ESPN operates 114 miles of track in eastern Pennsylvania and northern Delaware and 16 commercial locomotives. The railroad operates multiple disconnected segments with locomotives assigned to each segment. Two or three lines have service daily.

They include the following lines:

===Bristol===
This line consists of industrial park trackage in the Bristol, Pennsylvania area, interchanging with Conrail Shared Assets Operations (CSAO).

===Lancaster Northern===
This line, which is owned and operated by ESPN, runs from Ephrata, Pennsylvania northeast, interchanging with Norfolk Southern Railway (NS) in Reading, Pennsylvania, using trackage rights on NS between Sinking Spring, Pennsylvania and Reading.

===Manheim===
This line consists of owned trackage in the Manheim, Pennsylvania area, interchanging with NS.

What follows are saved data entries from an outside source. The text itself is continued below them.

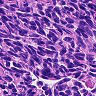
Metastatic tissue present: no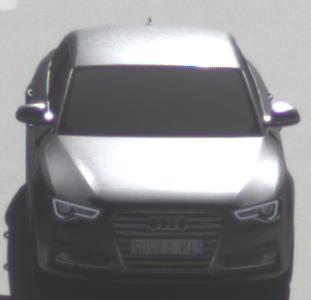
Make: Audi
Model: S5
Detailed model: F5
Model produced from: 2016
Model produced until: 2019
Doors: 2
Color: gray
Road condition: dry road
Daytime: morning or afternoon
Contrast: high contrast
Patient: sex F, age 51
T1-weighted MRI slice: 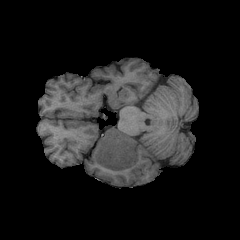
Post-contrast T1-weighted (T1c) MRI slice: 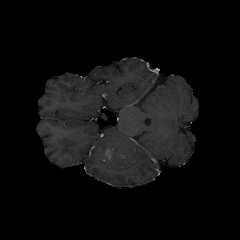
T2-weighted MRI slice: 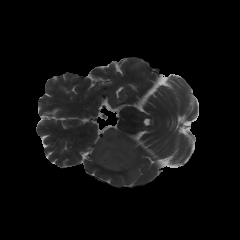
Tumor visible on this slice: yes
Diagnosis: Glioblastoma, IDH-wildtype
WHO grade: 4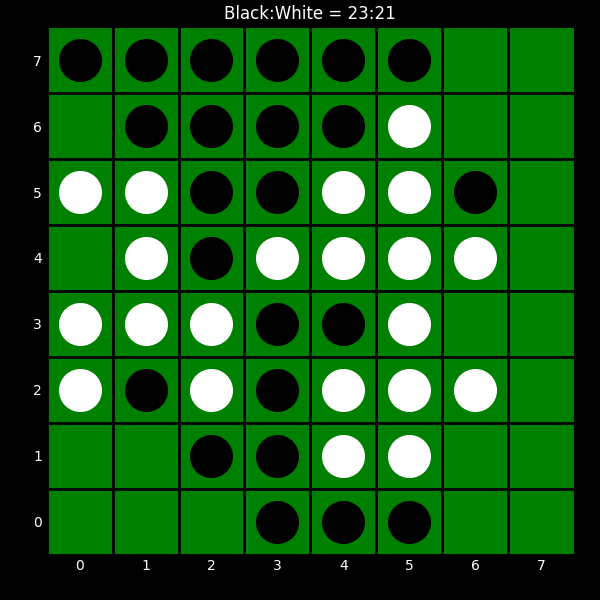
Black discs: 23
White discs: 21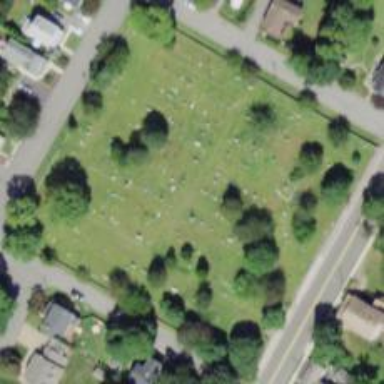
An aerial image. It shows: Grave yard.
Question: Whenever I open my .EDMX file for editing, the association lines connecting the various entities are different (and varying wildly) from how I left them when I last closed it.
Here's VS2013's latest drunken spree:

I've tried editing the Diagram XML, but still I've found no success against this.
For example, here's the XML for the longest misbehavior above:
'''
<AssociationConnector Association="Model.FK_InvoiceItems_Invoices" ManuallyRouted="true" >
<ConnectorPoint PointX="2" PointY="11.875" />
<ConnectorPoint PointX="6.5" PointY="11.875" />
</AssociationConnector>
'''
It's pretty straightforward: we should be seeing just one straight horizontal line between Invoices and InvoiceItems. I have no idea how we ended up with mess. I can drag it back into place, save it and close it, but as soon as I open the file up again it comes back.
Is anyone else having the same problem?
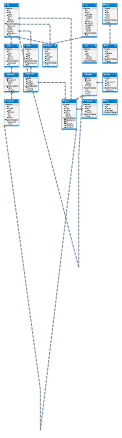
Answer: OK, I've decided that in its current iteration the EF designer simply isn't able to handle what I'm trying to throw at it. It appears to be a bit buggy yet.
So I've turned off 'ManuallyRouted' in all elements and rearranged my Entities instead so that I don't get overlapping lines (which is what I was trying to accomplish in the first place).
There's far more important stuff in the world to worry about than this.
Thanks for your attention.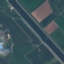
Label: River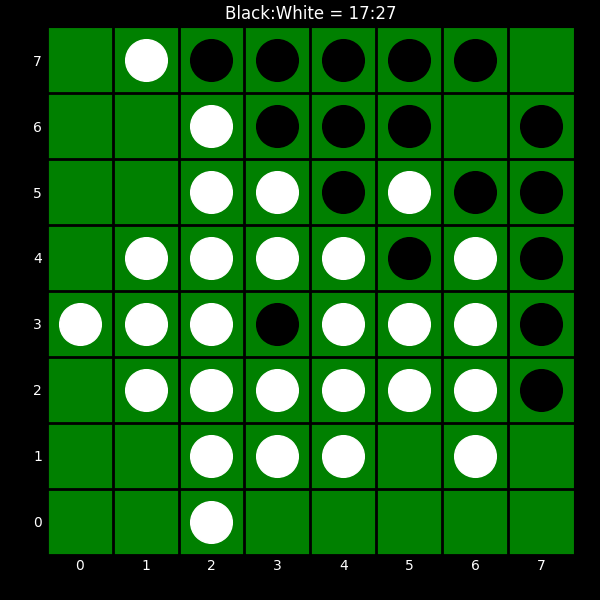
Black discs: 17
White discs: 27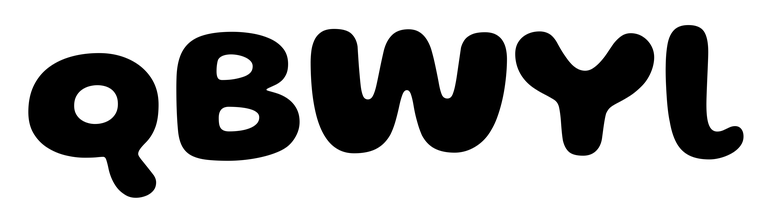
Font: Gluten_Bold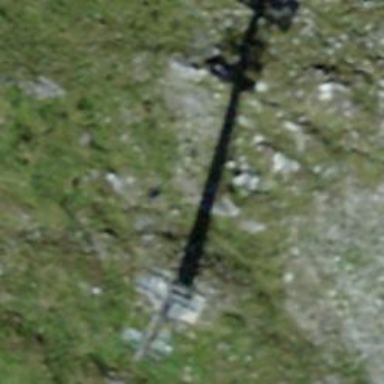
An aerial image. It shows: Pylon used for aerialway.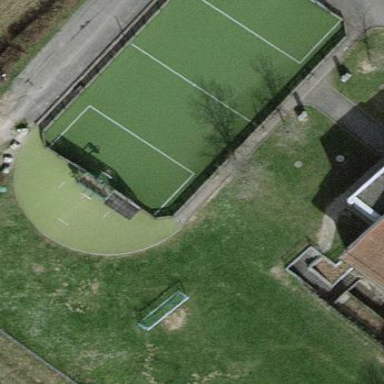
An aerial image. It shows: Pitch designated as leisure land.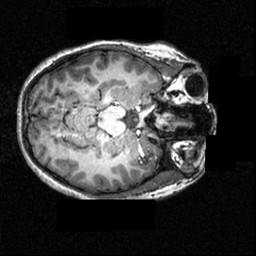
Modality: T1w
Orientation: axial
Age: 12
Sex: female
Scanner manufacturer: siemens
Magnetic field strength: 3.951 T
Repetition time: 1.5 s
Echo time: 0.00335 s
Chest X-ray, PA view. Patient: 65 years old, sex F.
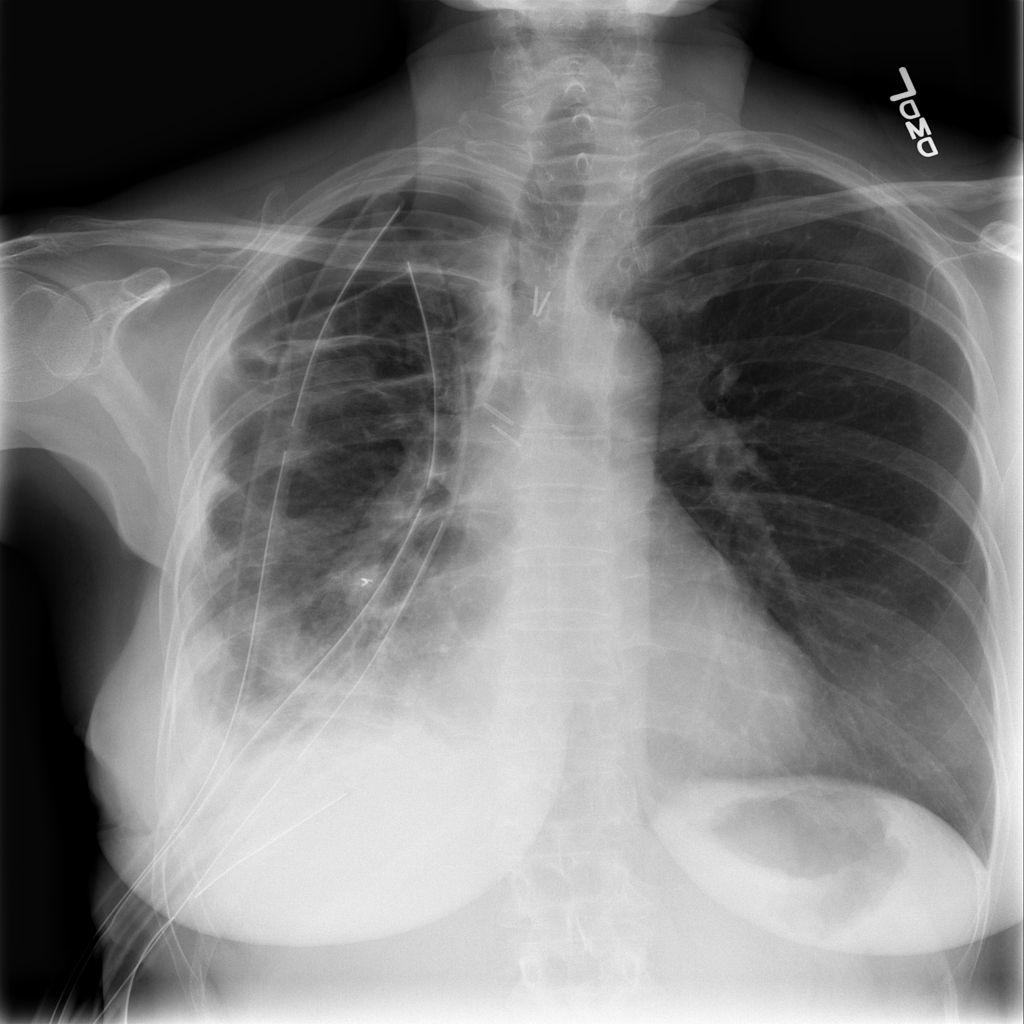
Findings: Pneumothorax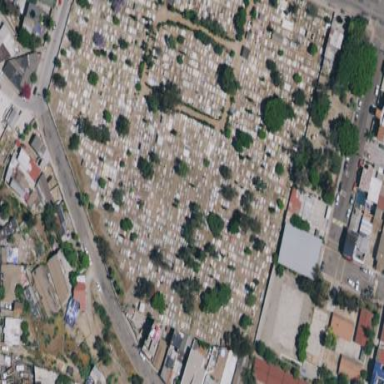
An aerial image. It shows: Grave yard.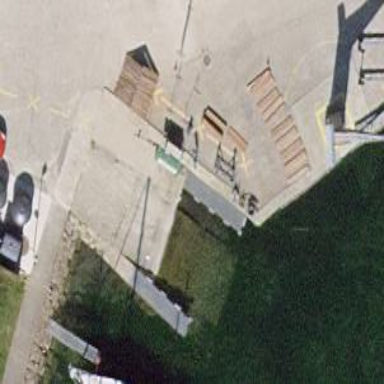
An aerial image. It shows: Slipway on leisure land.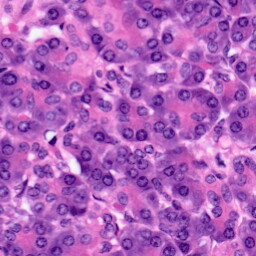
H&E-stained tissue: Pancreatic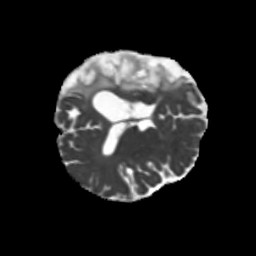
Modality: MD
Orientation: axial
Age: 46
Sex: male
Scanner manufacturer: siemens
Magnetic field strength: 3 T
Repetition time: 5.25 s
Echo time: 0.08 s
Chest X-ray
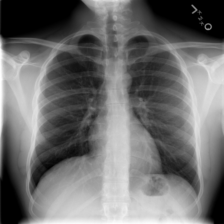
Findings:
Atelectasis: negative
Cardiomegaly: negative
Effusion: negative
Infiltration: negative
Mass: negative
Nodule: negative
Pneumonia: negative
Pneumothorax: negative
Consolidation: negative
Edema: negative
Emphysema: negative
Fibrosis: negative
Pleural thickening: negative
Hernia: negative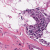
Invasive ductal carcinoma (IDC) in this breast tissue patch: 0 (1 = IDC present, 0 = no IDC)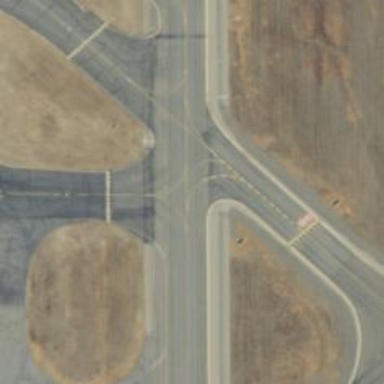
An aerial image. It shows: Image of taxiway at airport.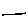
Label: line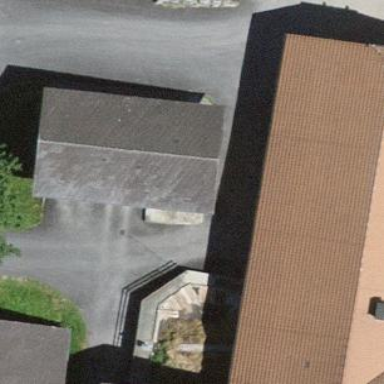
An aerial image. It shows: Barn.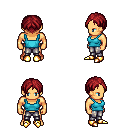
a pixel art fantasy rpg character, male body template, human, tanned skin, teal pirate shirt, metal pants, brunette parted hairstyle, gold boots, four views (front, back, left, right), 2x2 character sprite sheet, small pixel art, hard edges, no anti-aliasing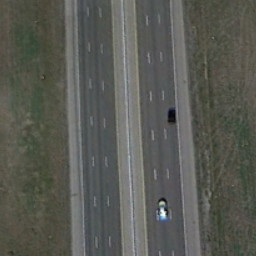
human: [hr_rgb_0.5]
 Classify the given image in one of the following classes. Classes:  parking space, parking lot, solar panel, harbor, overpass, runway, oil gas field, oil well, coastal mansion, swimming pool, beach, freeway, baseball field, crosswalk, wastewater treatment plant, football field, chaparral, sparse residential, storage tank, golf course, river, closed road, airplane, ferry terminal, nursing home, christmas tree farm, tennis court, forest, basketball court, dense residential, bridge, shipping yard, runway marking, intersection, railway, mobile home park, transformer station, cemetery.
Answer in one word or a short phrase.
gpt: freeway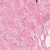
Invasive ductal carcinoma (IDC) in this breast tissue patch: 0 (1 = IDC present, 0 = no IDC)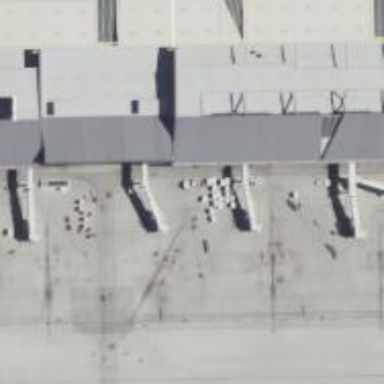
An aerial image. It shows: Airport gate.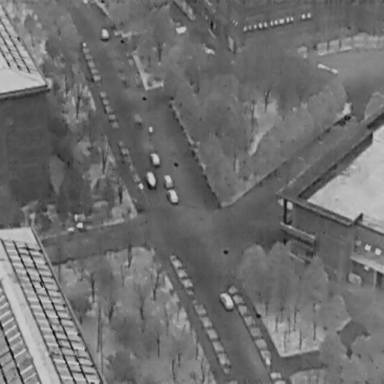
There are six Cars in the infrared image.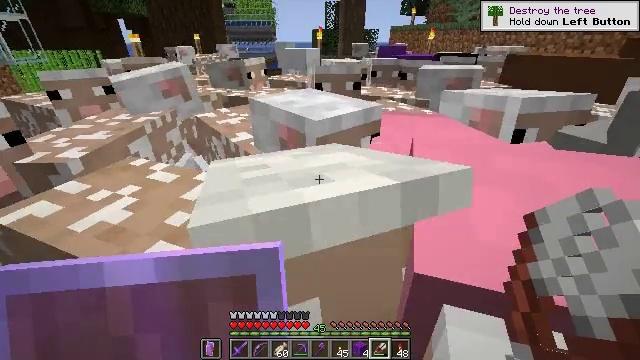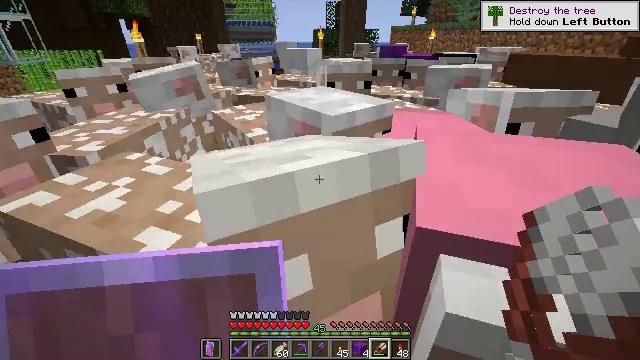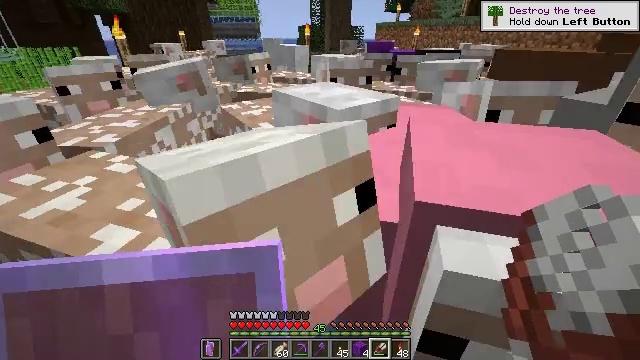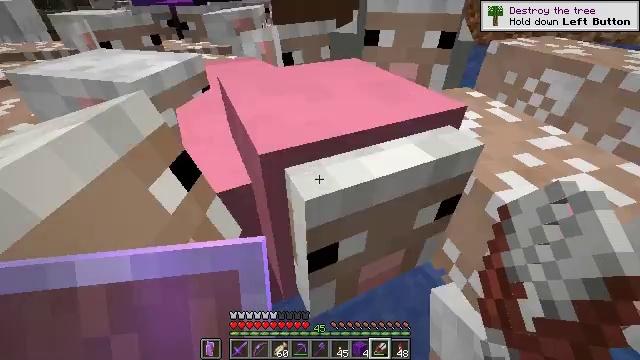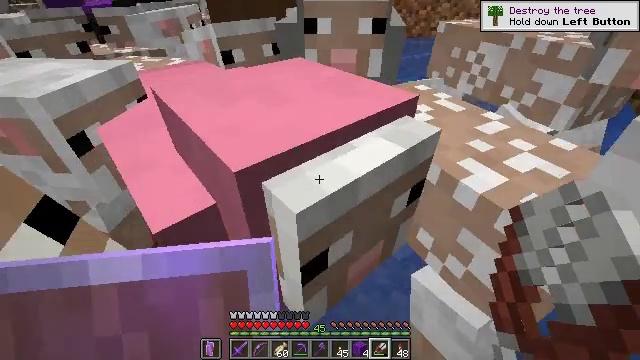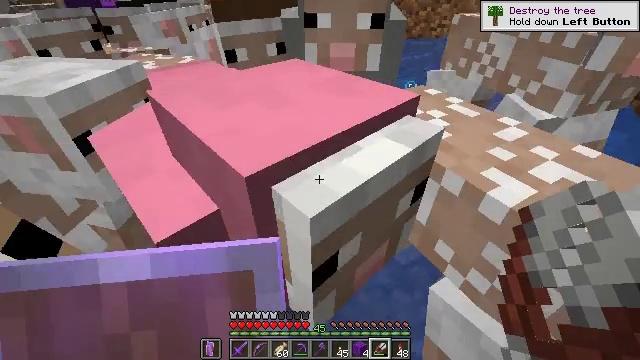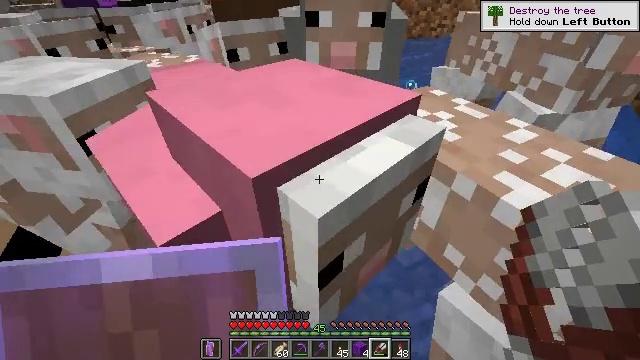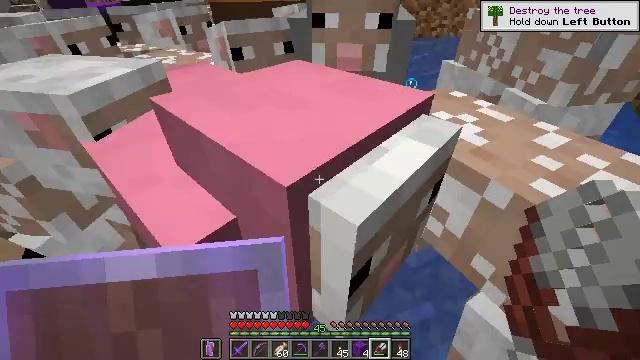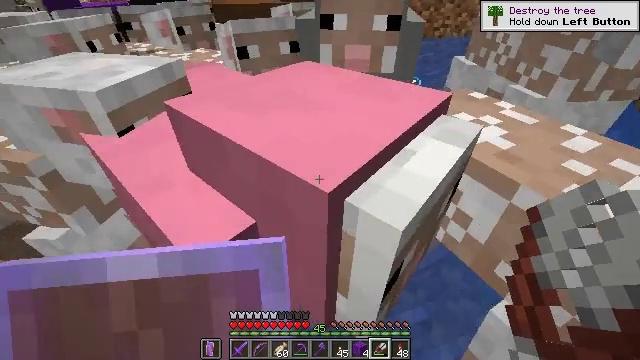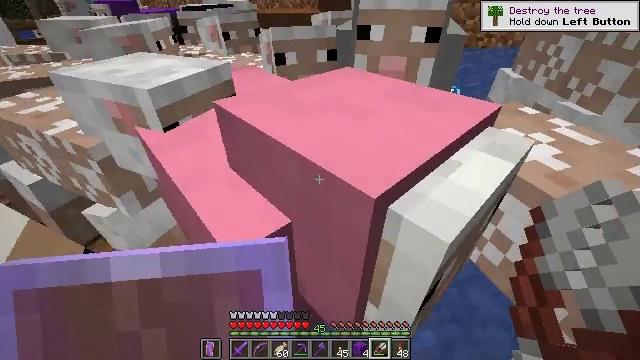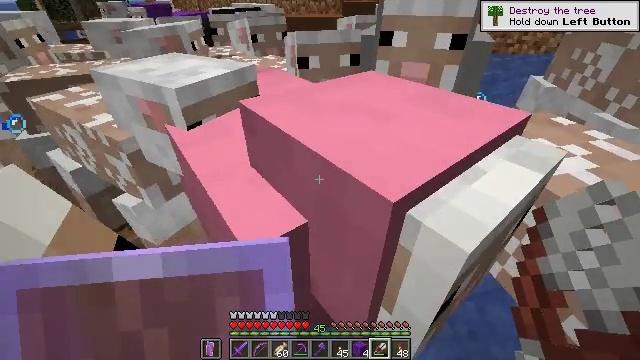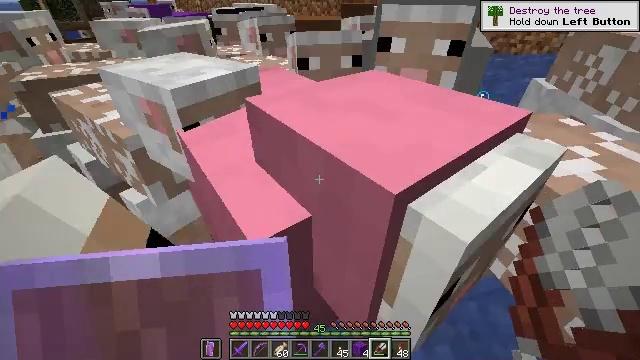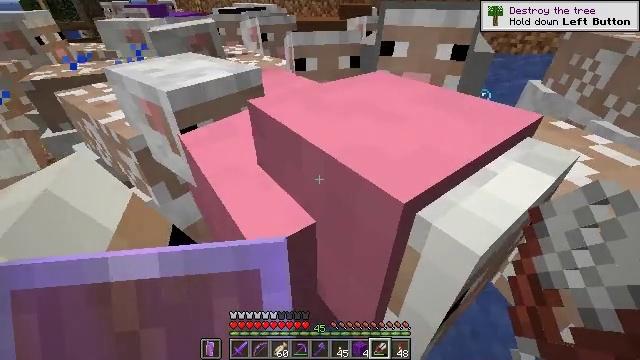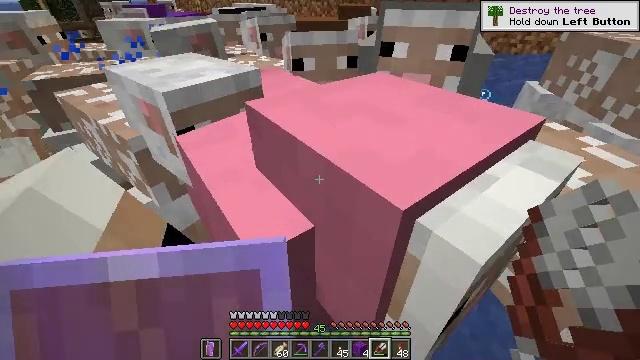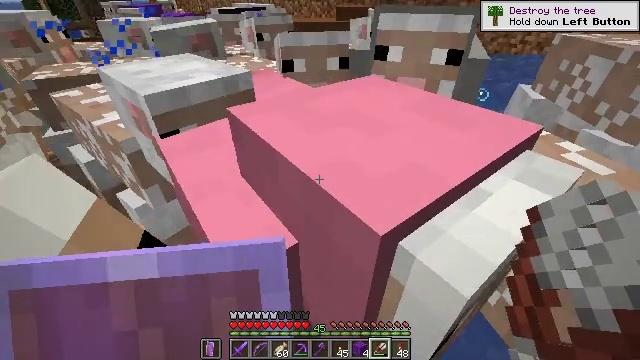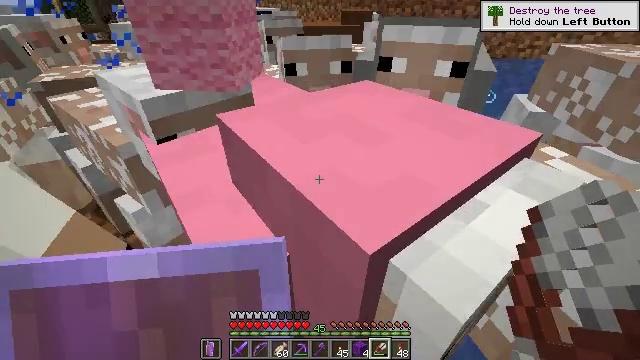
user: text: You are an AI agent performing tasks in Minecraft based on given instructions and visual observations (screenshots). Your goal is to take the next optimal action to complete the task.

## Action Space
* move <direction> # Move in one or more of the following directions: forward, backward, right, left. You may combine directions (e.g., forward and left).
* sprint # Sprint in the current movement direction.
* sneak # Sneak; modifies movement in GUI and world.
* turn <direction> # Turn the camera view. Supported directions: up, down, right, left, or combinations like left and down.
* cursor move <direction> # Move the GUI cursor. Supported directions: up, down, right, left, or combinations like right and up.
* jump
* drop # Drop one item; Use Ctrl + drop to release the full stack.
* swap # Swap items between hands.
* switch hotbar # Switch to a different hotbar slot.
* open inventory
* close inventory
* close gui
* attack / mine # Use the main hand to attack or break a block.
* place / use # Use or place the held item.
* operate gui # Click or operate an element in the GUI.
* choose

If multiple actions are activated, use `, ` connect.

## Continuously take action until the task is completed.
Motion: motion action
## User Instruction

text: Break the light blue shulker box to move it.
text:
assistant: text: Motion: use / place
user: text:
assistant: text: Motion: turn right, use / place
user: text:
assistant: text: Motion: turn right and down, use / place
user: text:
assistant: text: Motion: turn right, use / place
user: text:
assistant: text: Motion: no_op
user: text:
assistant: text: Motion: use / place
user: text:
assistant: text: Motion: use / place
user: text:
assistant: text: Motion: use / place
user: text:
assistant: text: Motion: turn left and up, use / place
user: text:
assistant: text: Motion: turn left, use / place
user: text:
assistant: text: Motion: use / place
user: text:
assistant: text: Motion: use / place
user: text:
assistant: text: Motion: use / place
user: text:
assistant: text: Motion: no_op
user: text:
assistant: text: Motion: turn left
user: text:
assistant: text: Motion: no_op
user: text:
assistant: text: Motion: no_op
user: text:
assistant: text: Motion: use / place
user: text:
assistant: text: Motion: use / place
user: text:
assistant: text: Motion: use / place
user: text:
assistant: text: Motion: use / place
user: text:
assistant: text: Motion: turn left
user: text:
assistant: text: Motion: turn left and up
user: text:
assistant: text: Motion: move forward, turn left and up
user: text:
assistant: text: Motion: move forward, turn left and up
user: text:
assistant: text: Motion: move forward, turn left and up
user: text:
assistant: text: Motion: move forward, turn left and up
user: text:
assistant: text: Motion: move forward
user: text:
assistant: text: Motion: move forward
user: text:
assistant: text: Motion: move forward

===North East Philadelphia===
The North East Philadelphia line consists of owned trackage in Northeast Philadelphia, interchanging with CSAO in the Bustleton area of Philadelphia.

===Octoraro===
The Octoraro line, which is owned and operated by ESPN, consists of trackage, the former Octoraro Branch, from end-of-track in Sylmar east to Chadds Ford, Pennsylvania, where it connects to the Wilmington and Northern Branch. SEPTA owns the passenger rights on the Octoraro Line.

===Perkiomen===
The Perkiomen line, which is owned and operated by ESPN, runs from Pennsburg, Pennsylvania north, where it interchanges with NS in Emmaus, Pennsylvania.

===Quakertown===
The Quakertown Line operates on the SEPTA-owned Bethlehem Line from Quakertown, Pennsylvania south, and interchanges with the Pennsylvania Northeastern Railroad in Telford.

===Wilmington and Northern Branch===

The Wilmington and Northern Branch line, which is owned and operated by ESPN, runs from interchange with CSX Transportation in Elsmere, Delaware north, interchanging with NS in Coatesville, Pennsylvania. The Octoraro Line connects with the Wilmington and Northern line in Chadds Ford, Pennsylvania.

===York Industrial Track===
The line operated by ESPN consists of trackage from interchange with NS in York, Pennsylvania to Stonybrook, Pennsylvania.

===Former===
- Colebrookdale: operated from Boyertown, Pennsylvania south to interchange with NS in Pottstown, Pennsylvania. ESPN attempted to abandon the line in 2008. The Berks County Redevelopment Authority purchased the railroad that same year, and appointed the Eastern Berks Gateway Railroad to operate freight service. The Eastern Berks Gateway Railroad has left the line in late 2013 due to no or very little freight on the line. The Colebrookdale Railroad Preservation Trust was also created in 2011 for tourist railroad purposes. Tourist rail service began in October 2014 as the Colebrookdale Railroad.
- Chester Valley: owned and operated from King of Prussia, Pennsylvania north to interchange with NS in Bridgeport, Pennsylvania. The line was abandoned by ESPN in 2010; tracks were dismantled in May 2011. The line will be converted into a portion of the Chester Valley Trail by Montgomery County.
- Kutztown: operated on trackage owned by the Kutztown Transportation Authority from Kutztown, Pennsylvania southeast to interchange with NS in Topton, Pennsylvania. This line is now operated by the Allentown and Auburn Railroad, which hauls passengers in historic equipment and freight for local businesses.
- Venice Island Industrial Spur: operated on trackage owned by Norfolk Southern from West Falls Yard to the end of Venice Island in the Manayunk neighborhood of Philadelphia and abandoned April 4, 2017.